To understand how astrocytes control blood flow, imagine them as tiny “puppeteers” fine-tuning blood supply based on brain activity. 

"The astrocytes are perfectly positioned to ‘listen’ to the brain’s state. Chemicals like serotonin, dopamine, and noradrenaline fluctuate with brain activity. For example, if we get startled, the brain produces noradrenaline which astrocytes detect and elevate their calcium and cAMP,” says Assistant Professor, Antonios Asiminas, a member of research group. 
 

“Our new finding opens an avenue to study how cAMP in astrocytes plays a crucial role in blood flow changes across various brain states,” he adds.

Connecting blood flow and mental health

Building on these discoveries, Hirase’s group recently received a prestigious grant from the Independent Research Fund Denmark (DFF) to continue their studies. 

“We are excited to dive deeper into how astrocytes and cAMP regulate blood flow. First, we’ll examine what happens to cAMP signals during sleep, wakefulness, and movement,” says Hirase.

Dynamic blood supply is shown to be essential for mood, cognition and sleep. 

We’ll explore how blood flow changes throughout the day - during movement or rest. Different behavioral states are linked to shifts in blood flow,”

The final goal is to connect astrocytes, blood flow, and mental health. Problems with blood flow have long been associated with depression and other brain disorders. 

“Depression is linked to disrupted blood flow and sleep patterns. We believe cAMP signaling in astrocytes may contribute to these changes,” says Hirase. “When cAMP signals fail, brain’s energy management including blood flow regulation breaks down.” 

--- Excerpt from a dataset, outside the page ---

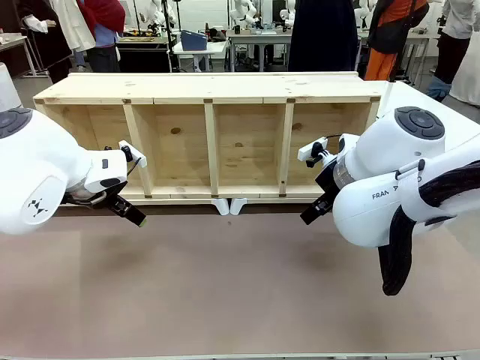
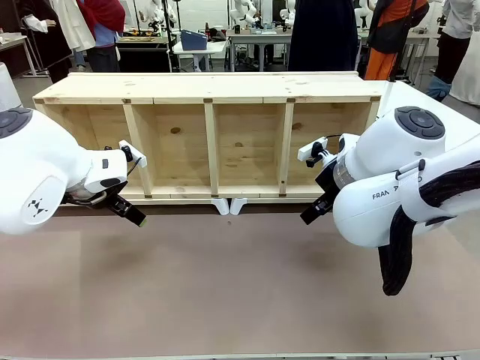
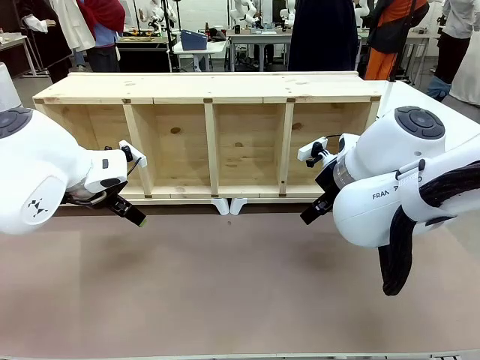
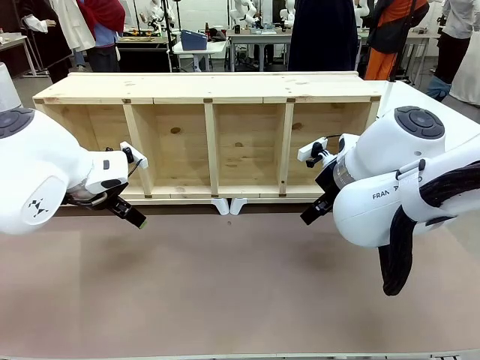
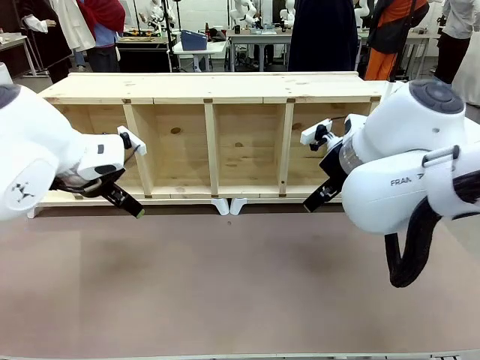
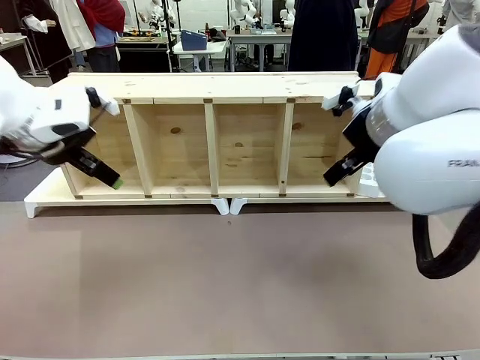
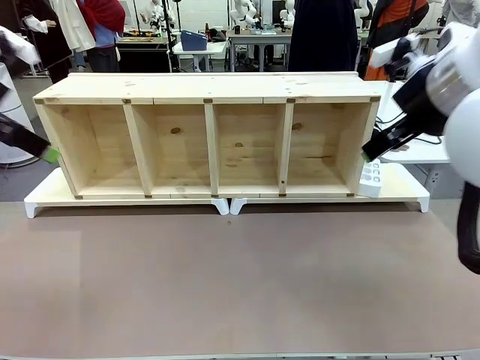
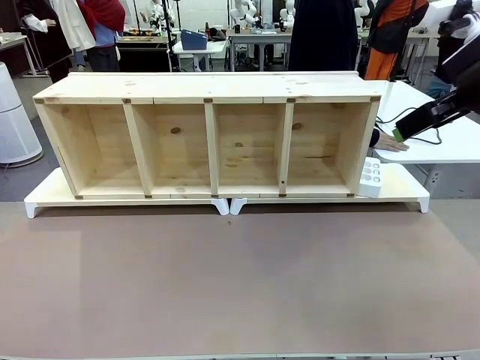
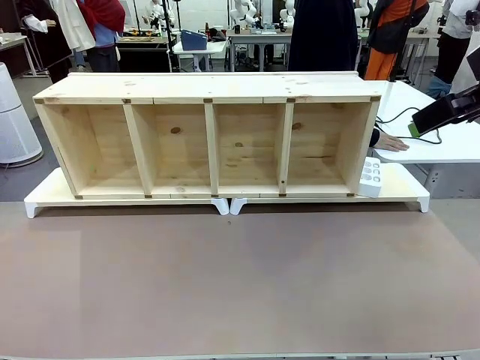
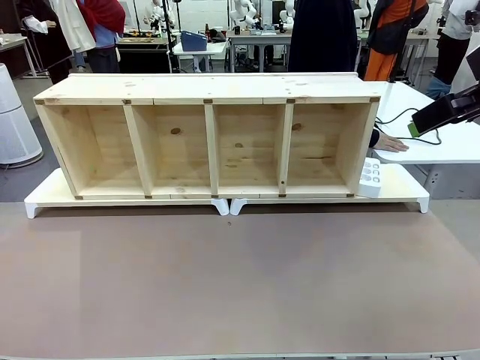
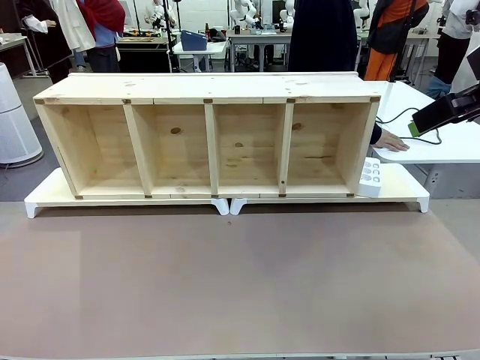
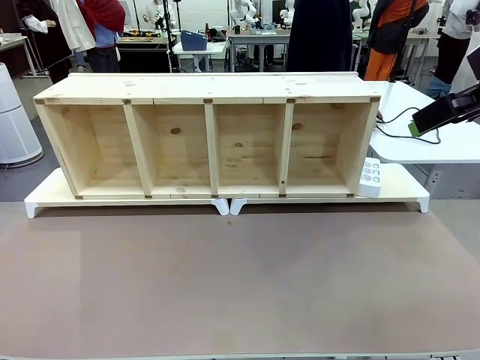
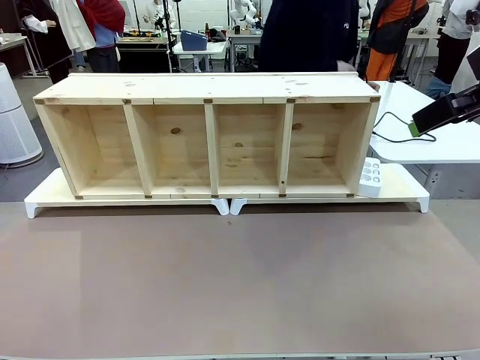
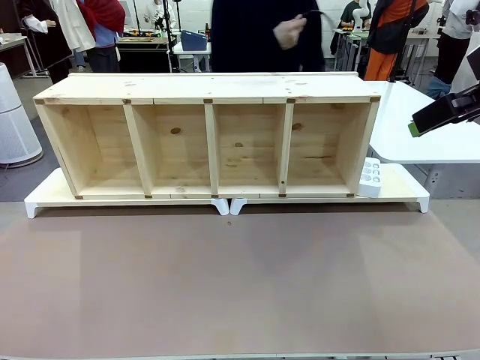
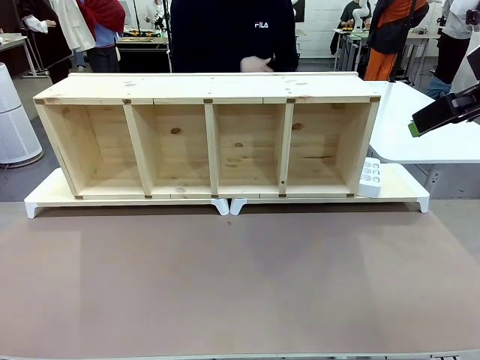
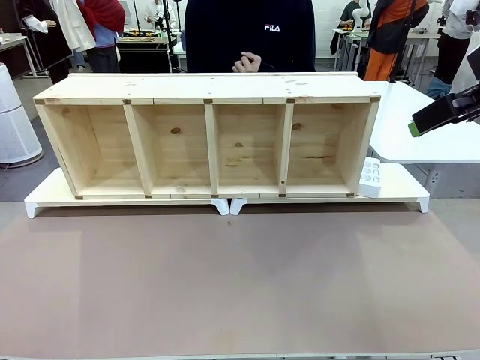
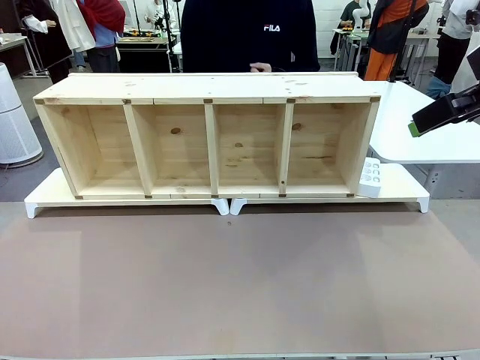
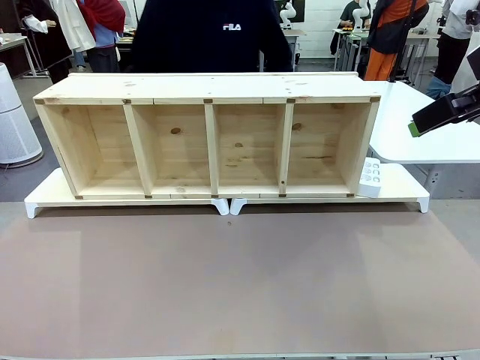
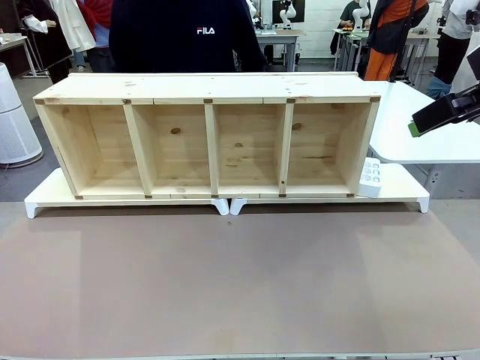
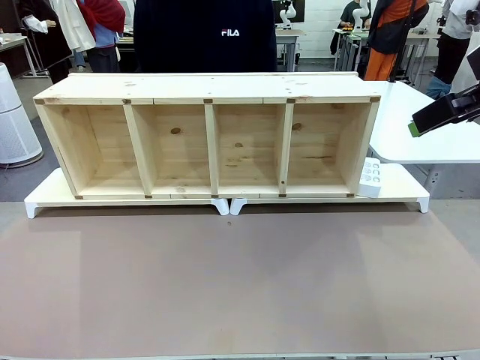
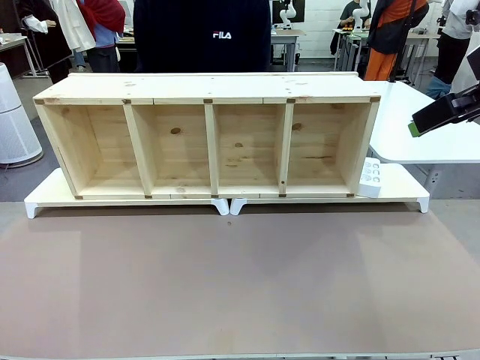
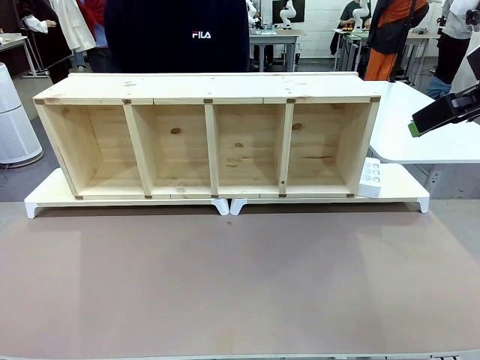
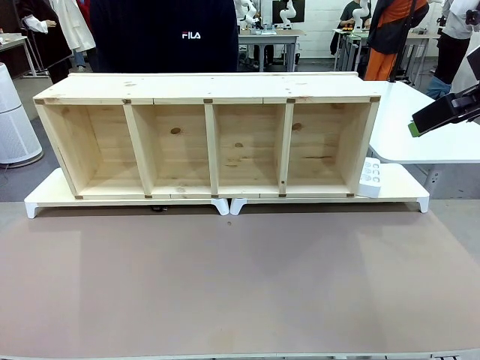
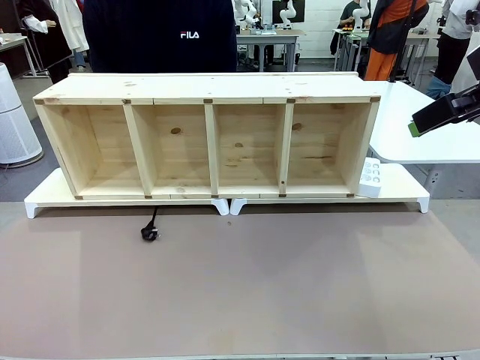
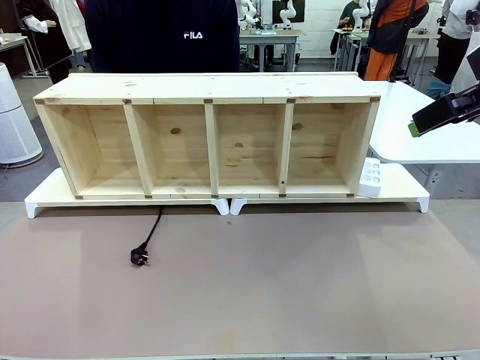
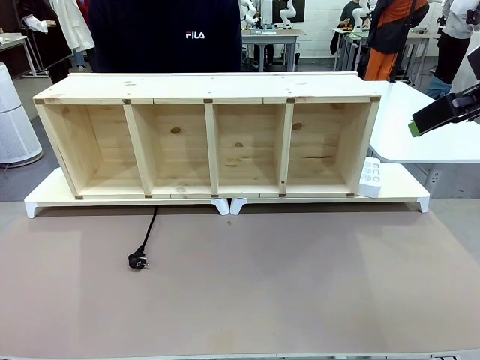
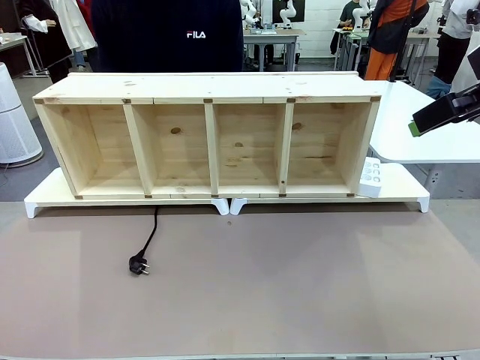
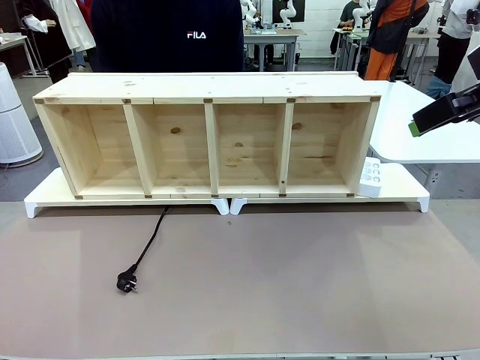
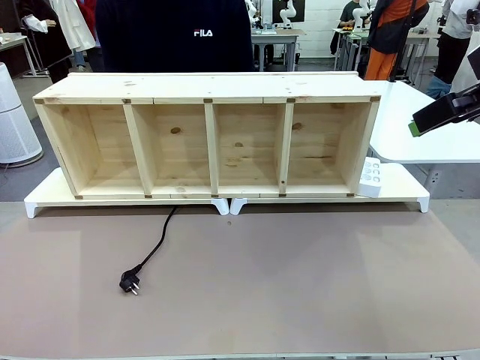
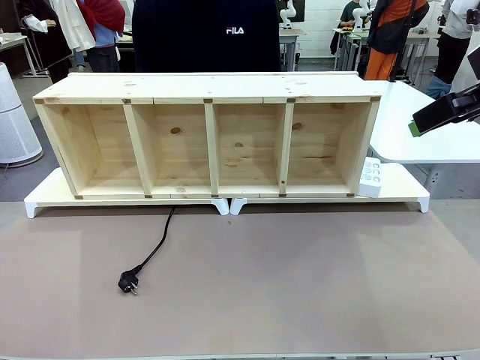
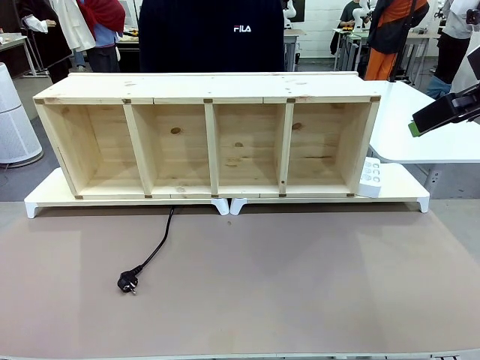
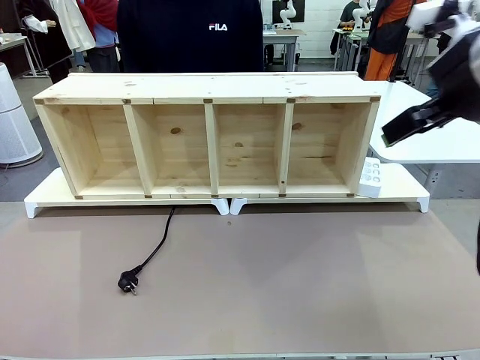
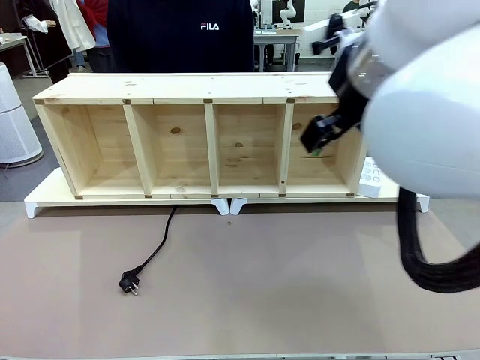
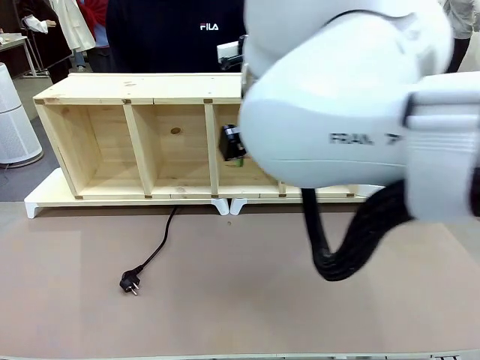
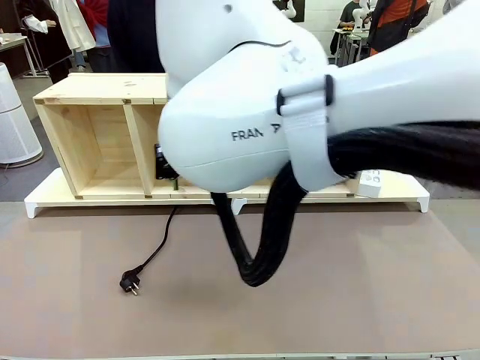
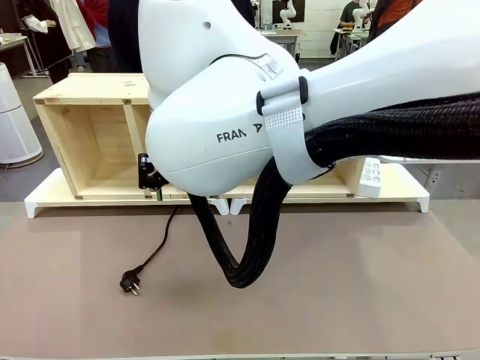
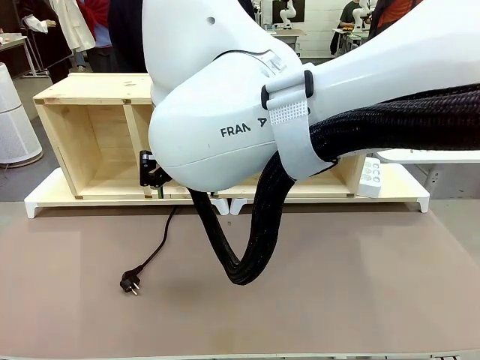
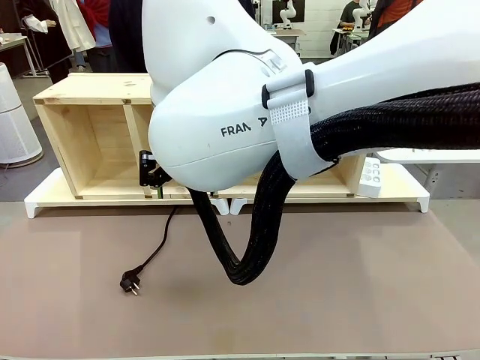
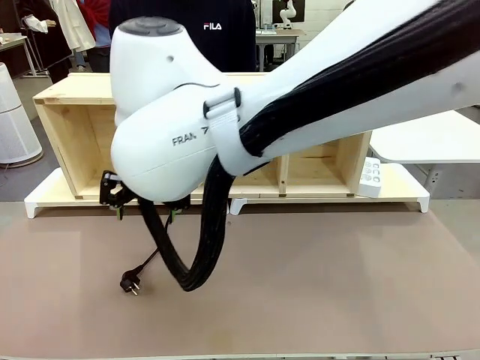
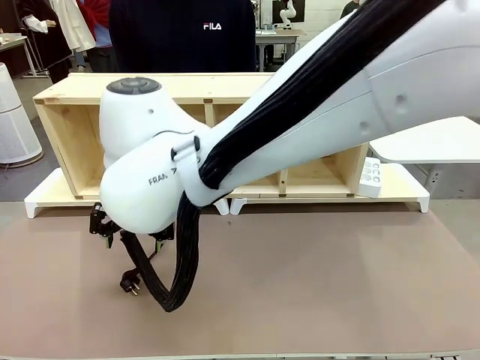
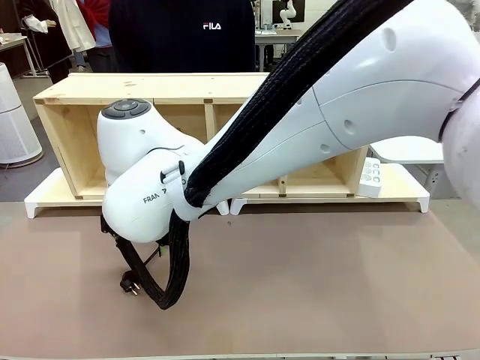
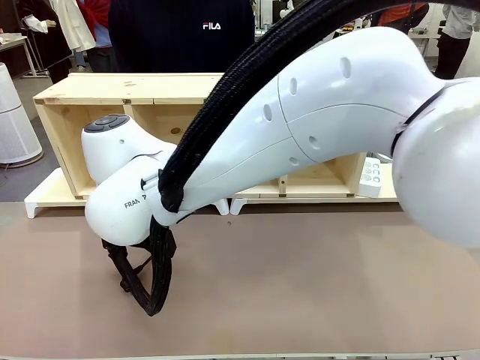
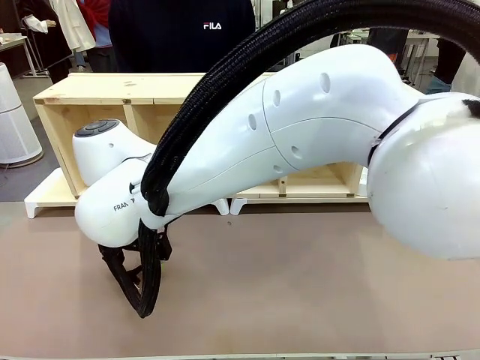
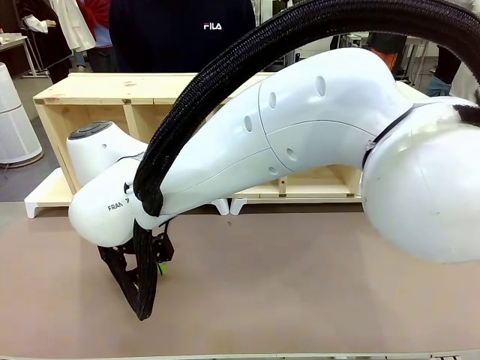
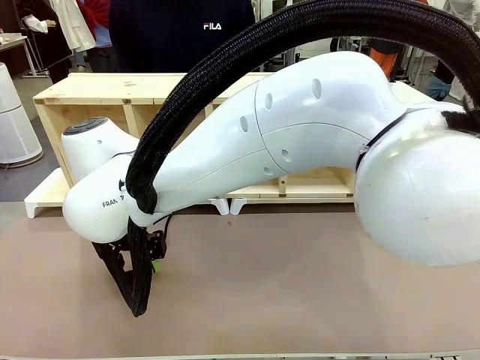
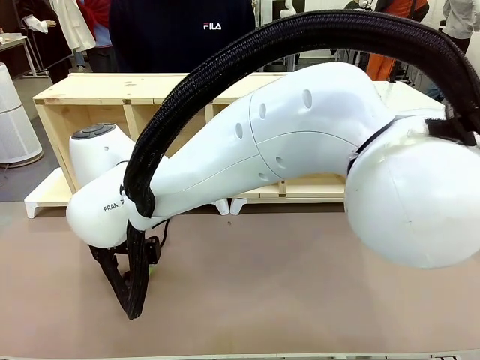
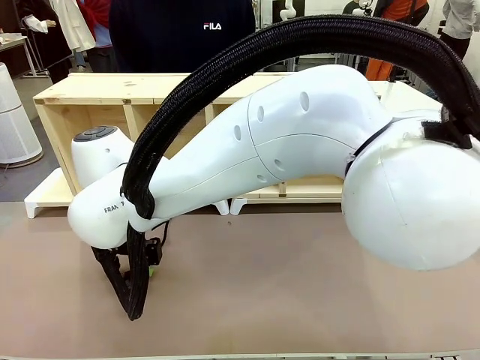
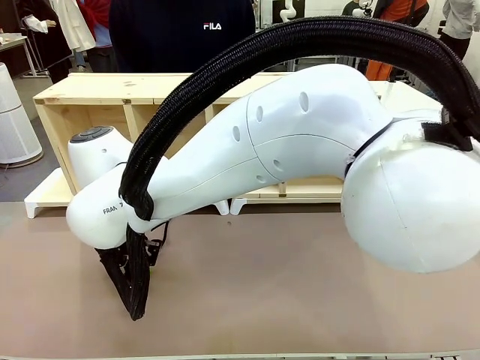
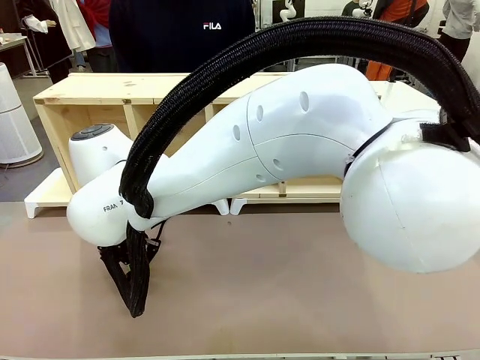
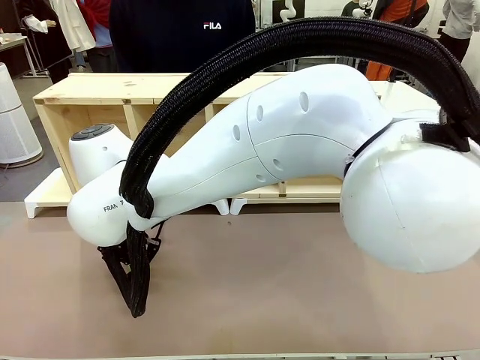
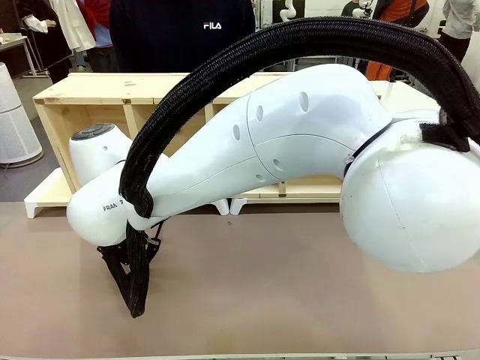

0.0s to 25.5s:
Task: Perform cable management.
Robot: When the cord part of the Power Cable appears at the lower middle area of the table and stops, grasp the cord part of the Power Cable.
Person: Pass the Power Cable under the Serving Table.

“Normally, blood supply adjusts to match brain activity, but in depression, this system seems to fail. We want to understand why,” Hirase continues. 

Hope for new treatments

The broader perspective of this research is its potential to inspire new treatments for depression. 

If the team’s hypothesis holds true, their work could shift the focus from traditional neurotransmitter-based therapies toward blood flow modulation via astrocytes. 

“Our hope is that these findings lead to drugs that stabilize cAMP signaling. Such drugs could prevent cAMP breakdown, allowing it to maintain normal blood flow. That would be a milestone,” Asiminas concludes.